I put a mostly-finished technical overview of Frank’s codebase up on github here.
Mostly focused on the design and operation of the bot itself, not the cool machine learning parts.
I don’t know quite who the audience for this is, or whether there even is one, but it feels nice to have a description of the bot written down that’s not immensely out of date.
I actually really like this API design! it’s very very similar to what I would consider the “good” version of this architecture, which would be using a database like Redis or similar to power a jobs queue that the ML machines can read from and write to.

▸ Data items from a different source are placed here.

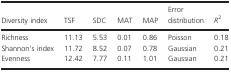
<table><thead><tr><td><b>Diversity index</b></td><td><b>TSF</b></td><td><b>SDC</b></td><td><b>MAT</b></td><td><b>MAP</b></td><td><b>Error distribution</b></td><td><b><i>R</i><sup>2</sup></b></td></tr></thead><tbody><tr><td>Richness</td><td>11.13</td><td>5.53</td><td>0.01</td><td>0.86</td><td>Poisson</td><td>0.18</td></tr><tr><td>Shannon&#x27;s index</td><td>11.72</td><td>8.52</td><td>0.07</td><td>0.78</td><td>Gaussian</td><td>0.21</td></tr><tr><td>Evenness</td><td>12.42</td><td>7.77</td><td>0.11</td><td>1.01</td><td>Gaussian</td><td>0.21</td></tr></tbody></table>
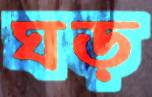
ঘড়
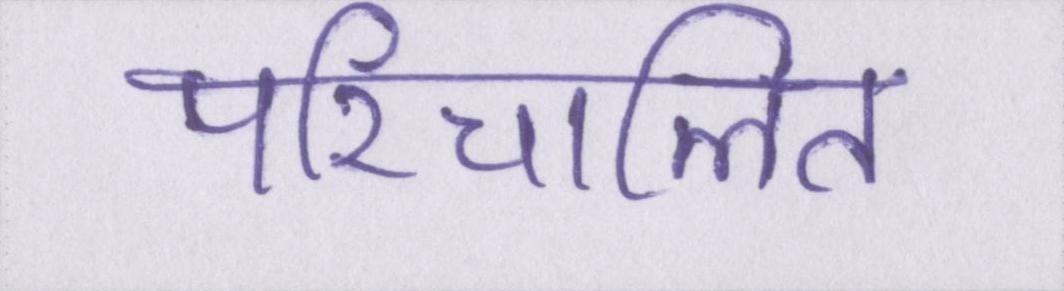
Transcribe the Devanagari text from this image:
परिचालित

How do you handle making sure that two ML machines don’t work on the same task concurrently? This is a very common issue with distributed job queues like this one. Does the main server mark as task as “handed out” when the GET /pollml from the ML machine comes in, or does it just hand out the same task to as many machines as will take it? Feels like you might end up with a lot of duplicate work if you don’t have something like this set up. I guess maybe it’ll Just Work Out if you always have “number of candidate posts generated” divisible by “number of ML machines running”? (Not sure how that works out for the score tasks though….)
Good question.
When there are multiple ML machines, and they’re doing the scoring tasks, they do in fact perform some redundant overlapping work. It’s suboptimal, but these tasks are relatively fast so it’s not a huge source of overhead.
The biggest time sink by far is the “write posts” task, but that is also a special case where this is a non-issue. The ML machines all receive the same instructions (“write a single post and send it over”), and it’s actively good for them to do this concurrently.
—-
Now that I think about it, I realize I erred slightly in my description of this one – I’ll have to go back and edit later.

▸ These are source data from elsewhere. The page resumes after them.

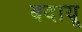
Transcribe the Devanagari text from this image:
बदायू
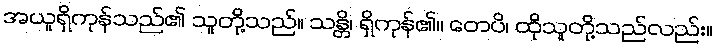
အယူရှိကုန်သည်၏ သူတို့သည်။ သန္တိ၊ ရှိကုန်၏။ တေပိ၊ ထိုသူတို့သည်လည်း။
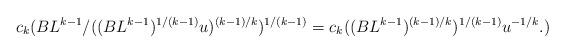
LaTeX: \begin{align*} c_k ( BL^{k-1} / ( (BL^{k-1})^{1/(k-1)} u)^{(k-1)/k} )^{1/(k-1)} = c_k ( (BL^{k-1})^{(k-1)/k} )^{1/(k-1)} u^{-1/k}.) \end{align*}

During the “write posts” task, the main process is responsible for deciding when to stop (which it communicates via “/done”). From the perspective of the bridge service, the task is just “keep writing posts until I hear /done.”
This lets me write logic in the main process that rejects some posts (like very short ones) while writing is still happening, while guaranteeing we still get N at the end, and keeping the bridge service simple.
However, this has the annoying consequence that the bridge service learns when we’re done slightly after the decision is made, which means that it might have already sent ML machines off to write additional posts we don’t need.
To smooth over this case, I recently added a state called “almostdone,” set when we get close to N. This tells the ML machines to wait longer between each POST and the next GET, anticipating that a /done may occur in between.